When do you use AWS? When do you use Azure? Is an on premises solution still cost-effective in 2020 or 2021? This article seeks to give you advice on using Azure vs AWS and on-premises solutions in the serverless age.
There is nothing worse than picking a solution and finding that the hours, time, and money spent were in vain. We develop a filter based on nearly 10 years of experience to help you decide on the stack that maximizes your return on investment.
How much data will I use?
The first consideration is the amount of data and I/O you use. These dimensions become your most costly. AWS and Azure continue to lower the cost of accessing and storing data but the fractions of pennies add up to tens or even hundreds of thousands of dollars over time.
Develop an understanding of:
- The amount of data you need to process immediately
- Storage requirements
- The number of requests for data
- Whether a full table scan will be necessary
Serverless architecture promises to alleviate the need to manage small projects and offers terrific cost savings for large projects. Everything in between is a matter of analysis. Performing table scans adds an entirely new dimension, especially in AWS.
How complex is my project?
Project scope and complexity are both important as well. A project requiring dozens of AWS Lambda or Azure compute functions will become costly quite quick.
Generate business and technical requirements and then consider:
- If you are applying AI or models to your data
- Benefit from splitting functions into smaller compute units
- The number of pipelines that will run
- How frequently your pipelines run
Time, frequency, and scale cost money. Model training and deployment are expensive as well with AWS SageMaker being among the costliest available services. Dedicated, on-premises hardware or EC2 instances may actually cut costs when compared with non-managed solutions.
AWS vs Azure Pricing
If you determine that a serverless compute cluster or other architecture is perfect for your needs, you then need to perform a cost analysis. Gather as much information as possible from clients, benchmarks, and other sources regarding your data storage, usage, and compute times.
With this information, analyze Azure vs AWS pricing. You should find that:
- AWS offers lower cost storage but higher cost I/O making it better for big data
- EC2 typically starts to help cut down costs after your MVP if your project solves a small problem or the initial feature set is relatively light
- Amplify can cut down costs for small web projects but may be more difficult to manage if you are building online platforms with non-standard backends
- Azure works well for smaller data marts in SQL but Cosmos is quite expensive
- AWS Lambda is relatively inexpensive for a small number of functions but can grow to hundreds of thousands of dollars if used inappropriately
- Both offer comparable billing and management dashboards but logging to Azure costs slightly more
Not every project is equal. Your needs are not the same as your peer’s requirements. A hybrid solution may actually work best. You can handle hundreds of users on thousands of dollars of on-premises hardware in the right circumstances.

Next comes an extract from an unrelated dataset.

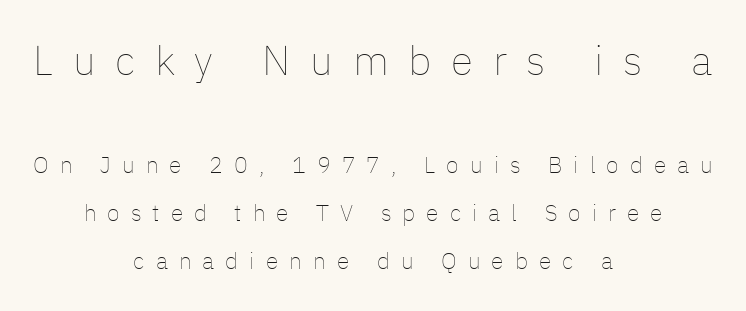
Successive baselines arrive slowly, with a big drop between each. The glyphs are unaccompanied by any horizontal stroke below them. No italicization has been applied; the sample stays upright. A typesetter would call this heavily tracked-out type. Look at the glyph heights: the upper group is clearly the bigger setting. Is this a fixed-width face? No — the glyphs have proportional, varying widths.

Consider every angle.
What do Azure and AWS charge for?
Diving more deeply into how these insights were gathered, online services charge money for everything. AWS notoriously contains hidden fees for data ingress, data egress, IP addresses, storage, compute time, scaling, and more.
Take your expected costs and add 25 percent, 50 percent if this is your first adventure in the cloud, to account for scale and the unknown. Failing to do so could lead to a complete shut down of mission critical services.
Auto-scaling is terrific but induces anxiety in new developers. Luckily, services such as AWS Cognito and AWS Lambda allow you to throttle usage.
You can easily control the amount of information coming in. In the AWS API Gateway, attach limits with Cognito or by using a Labmda function and an API key. Just be aware that AWS limits the number of available keys to 10,000.
Overall, try to:
- Create user related throttles
- Use compute functions to limit requests while charging based on usage
- Make use of secondary indices to avoid table scans in your databases
- Mix EC2 instances or virtual machines in the same data center with your fully managed serverless components
- Use Azure VMs if you plan on scaling for the long-term and Microsoft is a good fit
Each company wants your business. While their documentation is extensive, it is a good place to look for tips.
Azure and AWS Use Cases
Many of these insights were gained from actual experience. In my own work, I found that:
- A small data-intensive project still benefited from traditional pipelines making use of RabbitMQ
- A website requesting form input from users benefited from DynamoDB but serving clean and structured information to WebFlow was best done in Azure SQL
- ETL tasks that exceeded a single Lambda or Azure compute function for a job posting website became incredibly costly even before considering the use of SageMaker
- CosmosDB is costlier than an ElasticSearch instance while DynamoDB can be cheaper for ad hoc queries and NoSQL storage than either
- Data in the cloud can conform to HIPPA, FERPA, and the GDPR and API Gateways in the cloud are easier to manage while following these legal requirements
While not exhaustive, these use cases cover everything from web development to backend processing. The allure of easy management and fast turn around overtakes common sense if you let it.
How do I know if I can benefit from Serverless computing?
You can begin to develop an idea for which stack to use with proper requirements gathering. Some projects shine in the cloud while others do not.
Take every requirement into account when considering between Azure vs AWS and on-premises solutions. Feel free to comment and I will try to help you answer any questions below.